Этот Дафф был совершенно незнаком Давину. До этого момента он знал двух Даффов — легкомысленного повесу и балабола, а затем — хитрого и лицемерного, надменного и насмешливого. Сейчас он словно заглянул за все баррикады, что воздвигал Дафф в своей душе, и увидел его суть, не прикрытую доспехами цинизма. Впрочем, быть может, Дафф и сейчас играл какую-то свою роль, но Давину всё же хотелось думать, что Лаура сумела сделать этого человека лучше.
После слов мужа коротко высказались и дети. Камилла и Желда едва сдерживали подступающие слёзы, Борг же, несмотря на юный возраст, держался весьма достойно. И вот теперь надлежало сказать Увиллу. Давин со щемящей болью в сердце ожидал этого выступления. Он пытался говорить с сыном, увещевать его, даже умолять. Но тот, как обычно, игнорировал всё сказанное, механически кивая на просьбы отца, но по его выражению лица нельзя было понять — слышит ли он сказанное, и, главное, последует ли ему. В общем, Давин смирился и теперь ему оставалось лишь надеяться на благоразумие юноши.
В зале повисла какая-то особенная тишина. Видимо, все присутствующие так или иначе ожидали скандала. Дафф, принявший невозмутимый и чуть насмешливый вид, поудобнее уселся на скамье, расчистив место на столе перед собой от блюд и бокалов. Увилл, бледный, но относительно спокойный, поднялся с места. Давин, сидевший рядом, видел, как мелко дрожат его пальцы, но в целом юноша не выглядел как человек, у которого вот-вот случится нервный припадок.
— Я не видел свою мать двадцать лет, — заговорил он. Его пальцы машинально схватили ложку со стола, и Увилл, сам не замечая этого, стал крутить её в руках, будто пытаясь сломать. — Я помню её ещё совсем молодой — она была тогда моложе, чем я сейчас. И теперь я понимаю, насколько ей было сложно столкнуться с подобными обстоятельствами. Тогда я был маленьким мальчиком, и мама казалась мне взрослым человеком. Я думал, что взрослые всё понимают, во всём разбираются. И я думал, что мама предала меня. Теперь я понимаю, что она столкнулась с обстоятельствами, которые были сильнее неё. Я сейчас старше, чем была тогда моя мама, и я растерян и сбит с толку… Я очень виноват перед нею…
Увилл склонил голову и замолк, словно собираясь с силами. Давин наблюдал за ним, опасаясь заметить признаки надвигающегося приступа, но, похоже, юноша вполне владел собой. Подобные речи на тризнах обычно бывали недлинными, и у Давина даже зародилась робкая надежда, что этим всё и закончится. Неужели Увилл действительно многое понял за дни своего добровольного заточения? Увы…

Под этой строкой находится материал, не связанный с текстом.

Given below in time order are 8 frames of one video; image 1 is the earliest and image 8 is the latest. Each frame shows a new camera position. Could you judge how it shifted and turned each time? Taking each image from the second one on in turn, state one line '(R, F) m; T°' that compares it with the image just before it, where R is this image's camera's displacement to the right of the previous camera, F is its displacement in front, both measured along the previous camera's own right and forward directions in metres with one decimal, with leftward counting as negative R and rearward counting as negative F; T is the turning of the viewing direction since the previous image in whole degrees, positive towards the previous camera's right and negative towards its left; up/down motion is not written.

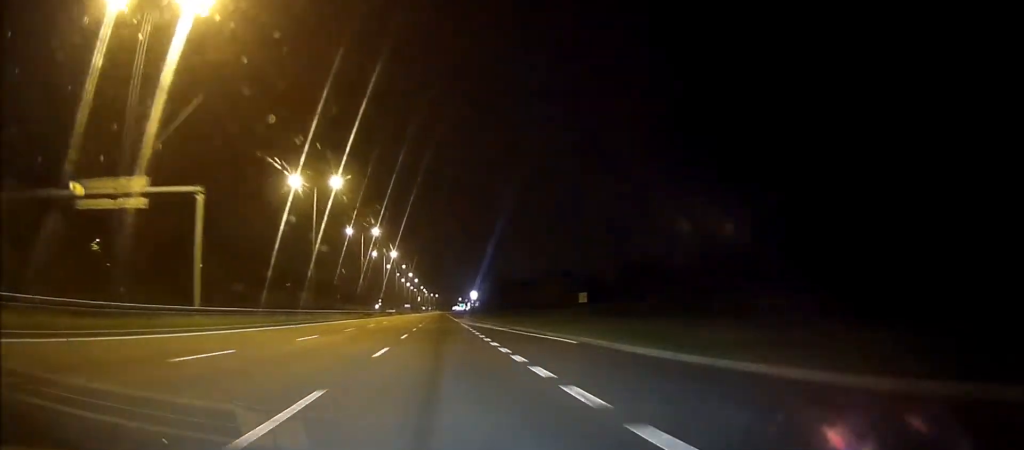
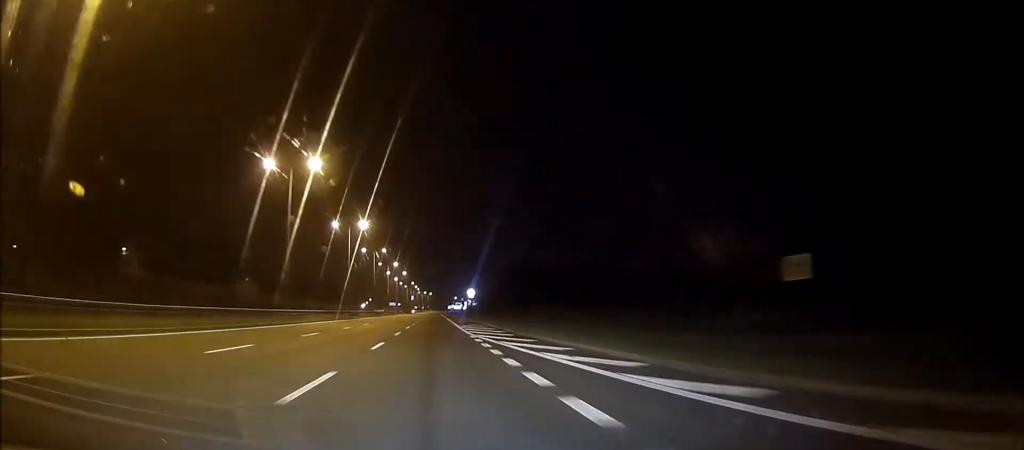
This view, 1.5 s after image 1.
(-0.1, +44.9) m; 0°
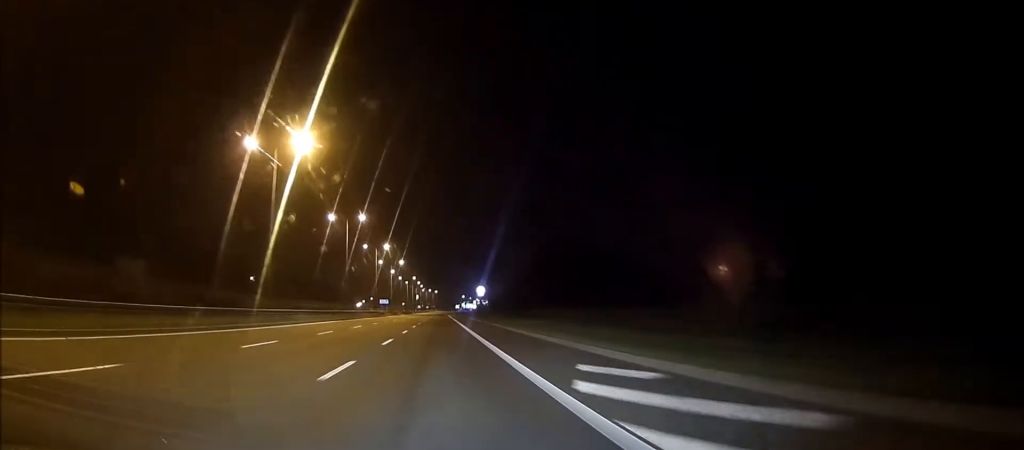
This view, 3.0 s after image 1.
(0.0, +44.7) m; 0°
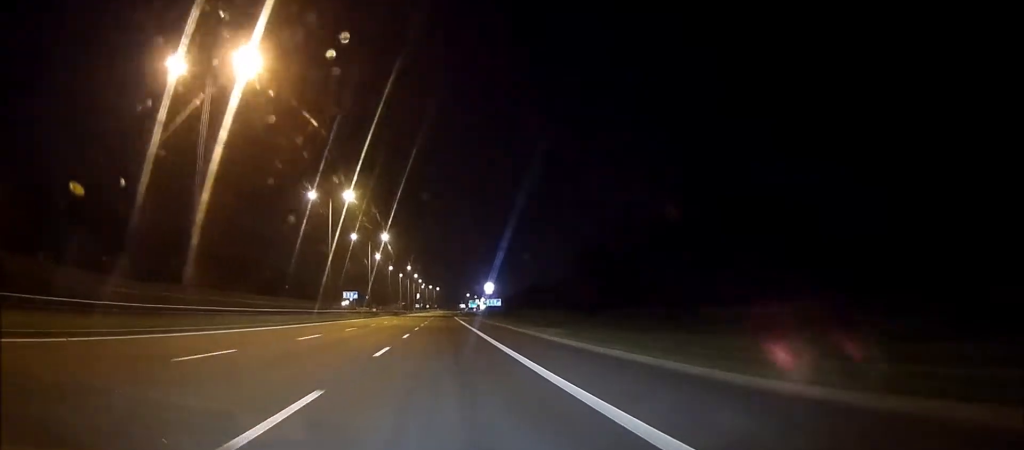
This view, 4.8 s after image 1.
(0.0, +52.3) m; 0°
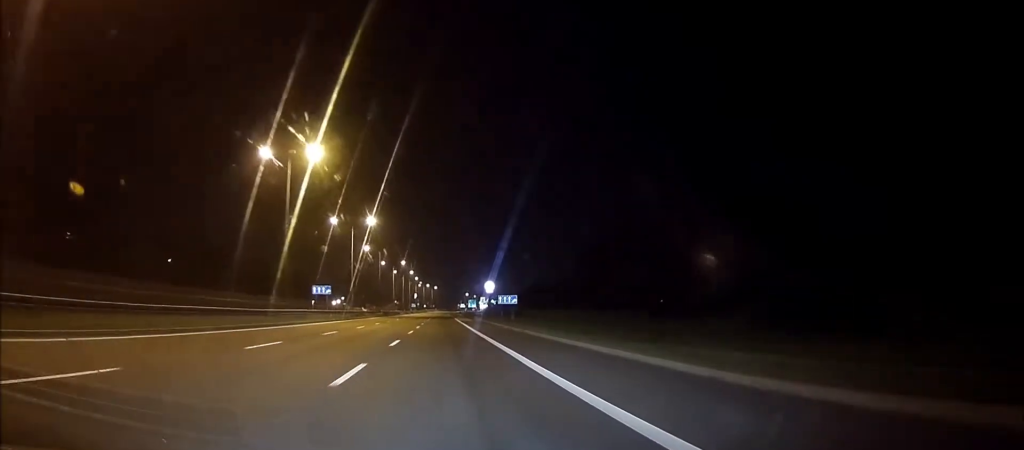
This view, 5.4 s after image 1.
(0.0, +18.6) m; 0°
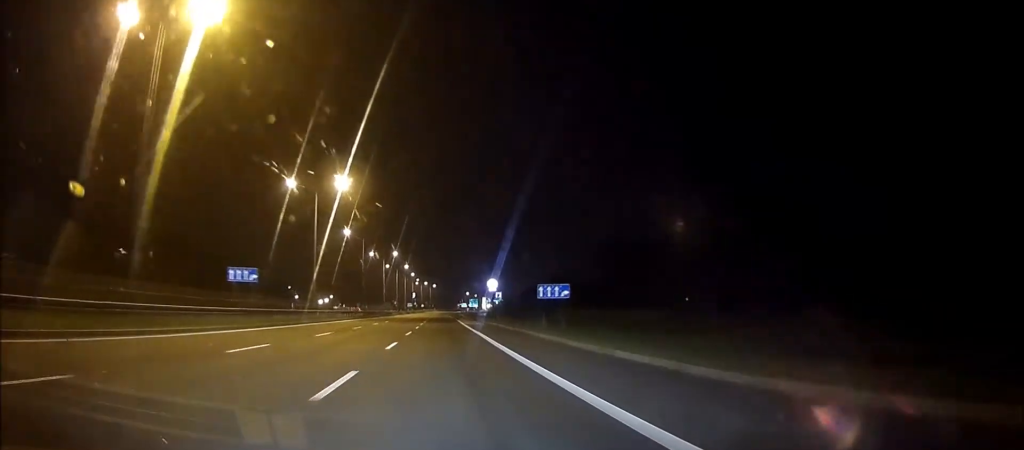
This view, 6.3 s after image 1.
(0.0, +25.4) m; 0°
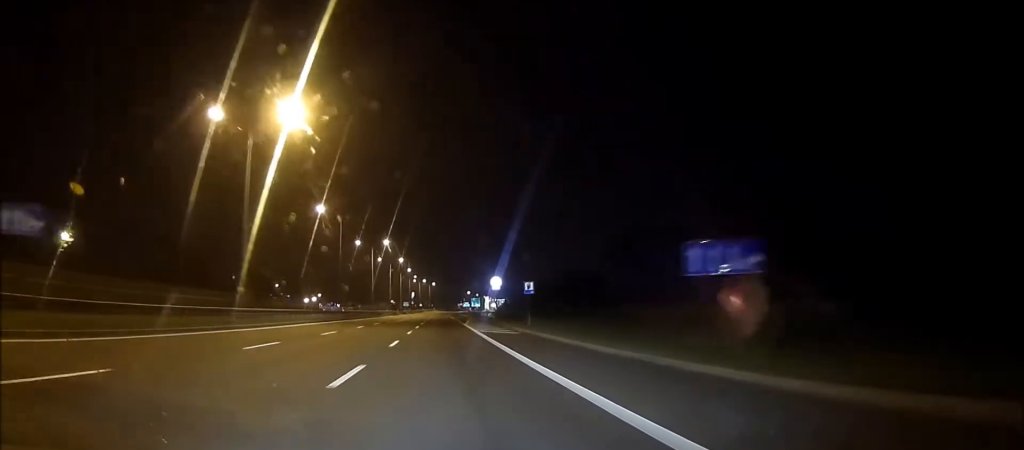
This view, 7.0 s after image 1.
(0.0, +22.3) m; 0°
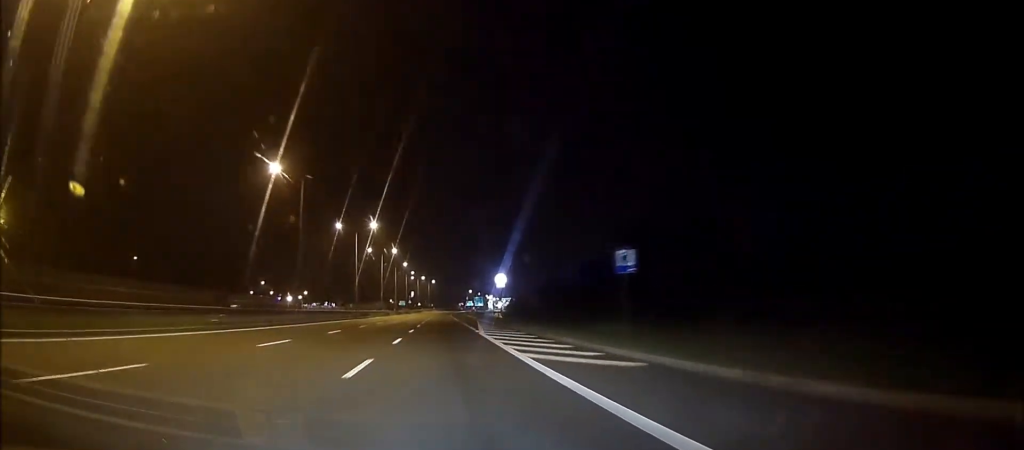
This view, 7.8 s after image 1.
(0.0, +22.3) m; 0°

— Но сегодня я не могу забыть и другого события, случившегося в те далёкие времена, — собравшись с духом, Увилл вновь поднял голову. — Я оглядываю эту залу и вижу здесь вассалов домена Колиона. Но я не уверен, помнят ли они, что являются вассалами дома Тионитов?

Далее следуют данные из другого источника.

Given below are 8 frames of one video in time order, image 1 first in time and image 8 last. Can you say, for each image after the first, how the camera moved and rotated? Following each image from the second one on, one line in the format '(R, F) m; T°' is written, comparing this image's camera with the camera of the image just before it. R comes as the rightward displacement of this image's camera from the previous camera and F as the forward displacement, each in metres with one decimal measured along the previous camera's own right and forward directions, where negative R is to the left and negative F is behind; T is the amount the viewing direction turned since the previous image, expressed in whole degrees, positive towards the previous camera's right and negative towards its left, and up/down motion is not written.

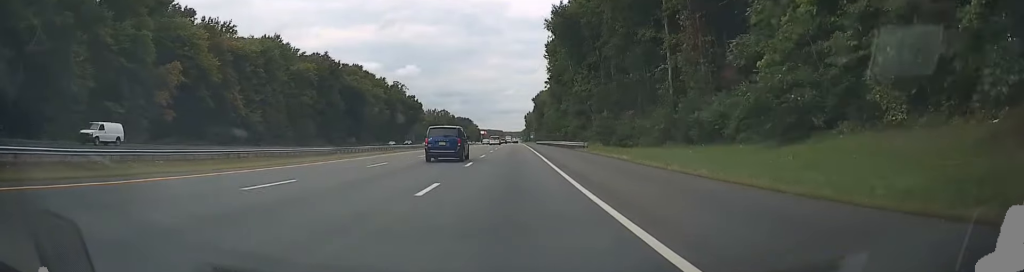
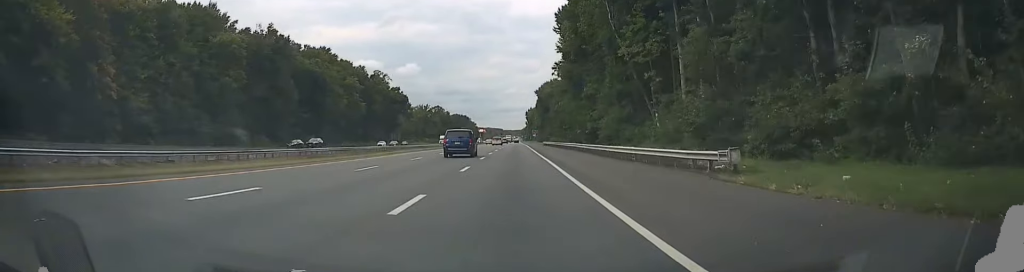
(+0.2, +38.4) m; +1°
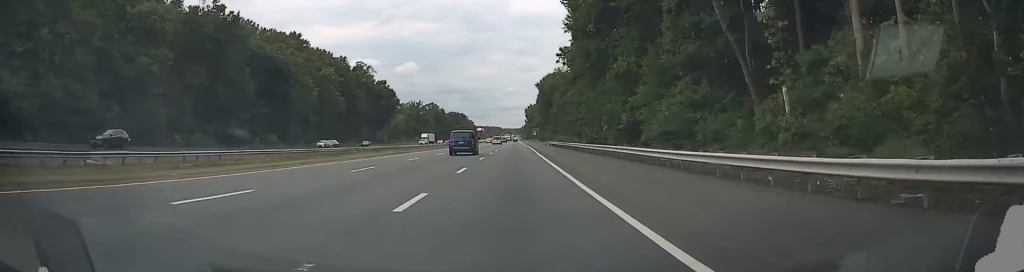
(+0.1, +23.8) m; 0°
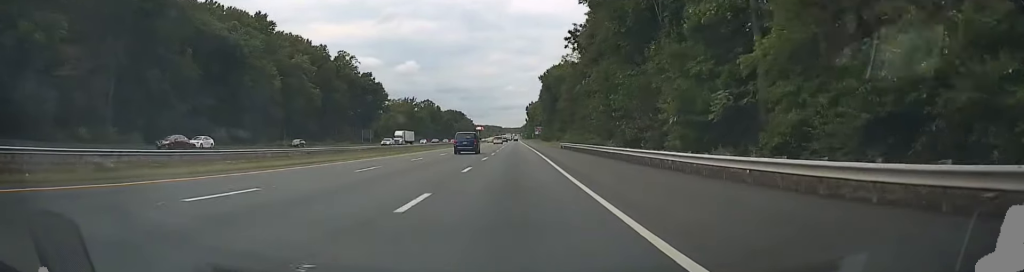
(0.0, +23.9) m; 0°
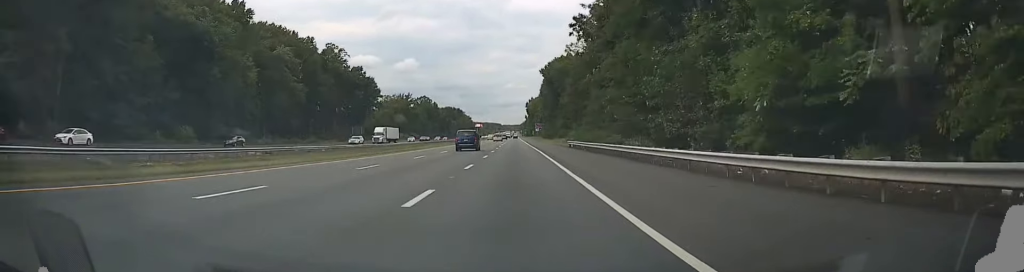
(+0.1, +11.3) m; 0°
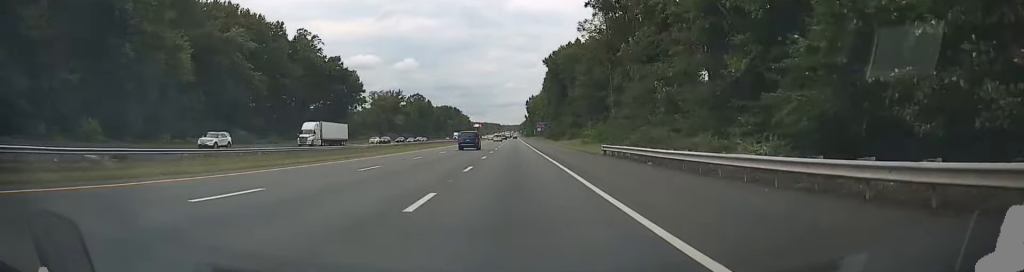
(-0.3, +24.4) m; 0°
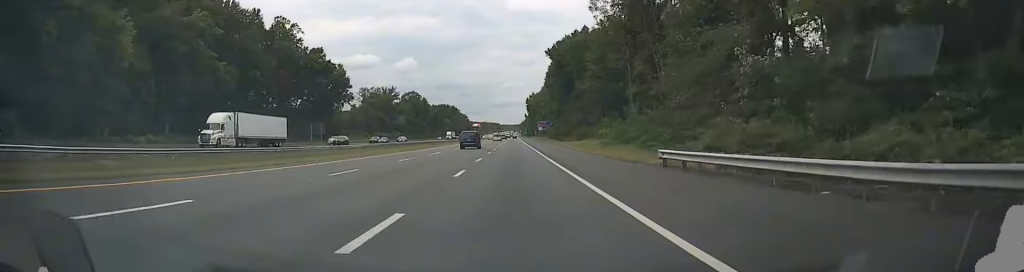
(0.0, +15.8) m; 0°
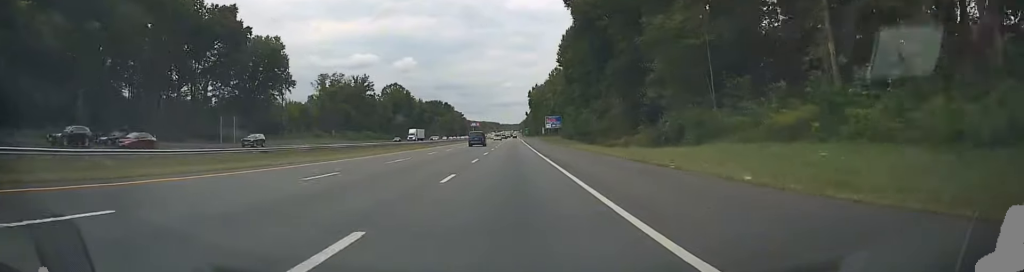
(+0.5, +50.3) m; +1°

Тишина в зале, и без того достаточно глубокая, стала недоброй. Кто-то из вассалов опустил лицо, другие же наоборот хмуро глядели на молодого человека, пытающегося их пристыдить. Давин видел, как напряглись их фигуры, стали суровыми лица. Это был довольно глупый ход со стороны Увилла, который слишком привык, что все окружающие подпадают под магнетическое действие его харизмы. Было очевидно, что здесь этот номер не пройдёт.